Here is the key to understanding what we are being shown about Jesus in and through this story. “But you have kept the good wine until now.” A true statement but it’s ironically true in the mouth of the steward because while it ought to be directed towards Jesus—the giver of this wine—it’s actually directed to the bridegroom. So, the statement is true but not in the way that he means it, in fact, it’s true in a way which points to a much deeper truth—it is not the bridegroom but God who has “kept the best wine until now.”[1] The wine that God gives now is qualitatively better than the wine that came before it. And this party is just getting started.

So we’re at a wedding in Cana of Galilee, a little place hardly worth noticing, and a poor family have invited Jesus and his mother and the disciples to their wedding. We know they are poor because they had run out of wine. And just when it looked like the party was over and done suddenly there was better wine and lots of it.

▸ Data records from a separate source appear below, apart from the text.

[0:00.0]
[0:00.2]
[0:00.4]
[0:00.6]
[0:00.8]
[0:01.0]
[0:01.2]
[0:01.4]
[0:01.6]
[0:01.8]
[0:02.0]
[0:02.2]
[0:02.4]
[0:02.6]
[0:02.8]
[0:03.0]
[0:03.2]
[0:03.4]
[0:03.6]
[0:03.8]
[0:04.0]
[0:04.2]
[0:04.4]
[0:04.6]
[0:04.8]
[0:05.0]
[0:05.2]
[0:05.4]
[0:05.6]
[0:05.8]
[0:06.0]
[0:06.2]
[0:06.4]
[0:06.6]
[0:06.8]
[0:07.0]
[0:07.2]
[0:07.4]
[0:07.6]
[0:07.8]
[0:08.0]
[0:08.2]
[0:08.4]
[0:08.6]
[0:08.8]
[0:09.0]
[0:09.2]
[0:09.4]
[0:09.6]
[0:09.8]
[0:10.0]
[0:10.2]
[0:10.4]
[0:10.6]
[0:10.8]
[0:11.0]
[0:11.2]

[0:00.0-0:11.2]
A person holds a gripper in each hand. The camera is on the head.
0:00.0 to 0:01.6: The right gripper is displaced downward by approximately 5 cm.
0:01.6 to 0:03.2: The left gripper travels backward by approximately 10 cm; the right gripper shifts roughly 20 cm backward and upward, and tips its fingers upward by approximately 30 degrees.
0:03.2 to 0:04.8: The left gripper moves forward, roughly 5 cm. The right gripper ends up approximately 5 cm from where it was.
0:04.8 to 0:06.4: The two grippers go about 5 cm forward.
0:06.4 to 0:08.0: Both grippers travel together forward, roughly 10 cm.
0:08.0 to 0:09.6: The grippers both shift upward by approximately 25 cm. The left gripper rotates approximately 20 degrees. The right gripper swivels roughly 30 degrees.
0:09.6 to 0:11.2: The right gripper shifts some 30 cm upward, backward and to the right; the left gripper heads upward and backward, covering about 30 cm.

Here’s the point of this sermon right up front. Here is the gospel: Jesus Christ comes to us in the poverty of our sin to give us his very best, to give us his very life, God’s very life, that we might know the joy of the great heavenly banquet that he is preparing. As it is written elsewhere: “For you know the generous act of our Lord Jesus Christ, that though he was rich, yet for your sakes he became poor, so that by his poverty you might become rich,” (2 Cor 8:9). And when we who are poor in spirit invite Jesus and Mary and the saints into our lives we receive the riches of God’s grace and mercy in abundance.

I love Mary in this passage. Here she is already representing the Church, turning to Jesus and interceding on behalf of others and then trusting him entirely to do it: “Do whatever he tells you!” This year more than any previous year I pray that we would be encouraged by the witness of the Blessed Virgin Mary and intercede to Jesus on behalf of those who do not yet know the joy, sweetness, and cheerfulness that he brings, and that we ourselves would be willing to do whatever he tells us.

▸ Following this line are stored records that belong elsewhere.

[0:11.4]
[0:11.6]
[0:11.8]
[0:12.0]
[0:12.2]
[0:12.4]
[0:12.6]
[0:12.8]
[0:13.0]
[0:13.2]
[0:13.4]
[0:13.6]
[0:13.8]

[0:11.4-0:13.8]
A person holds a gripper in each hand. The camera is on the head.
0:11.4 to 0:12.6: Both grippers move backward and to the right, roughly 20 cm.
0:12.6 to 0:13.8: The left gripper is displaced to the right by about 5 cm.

Wine and weddings. This is ultimately the language of Israel’s most profound hope and expectation—the hope of a future that would be characterized by greater blessings and joy than anything that had come before. Consider this passage from one of the Old Testament prophets: “On this mountain the LORD of hosts will make for all peoples a feast of rich food, a feast of well-aged wines, of rich food filled with marrow, of well-aged wines strained clear. And he will destroy on this mountain the shroud that is cast over all peoples, the sheet that is spread over all nations; he will swallow up death forever,” (25:6-8a).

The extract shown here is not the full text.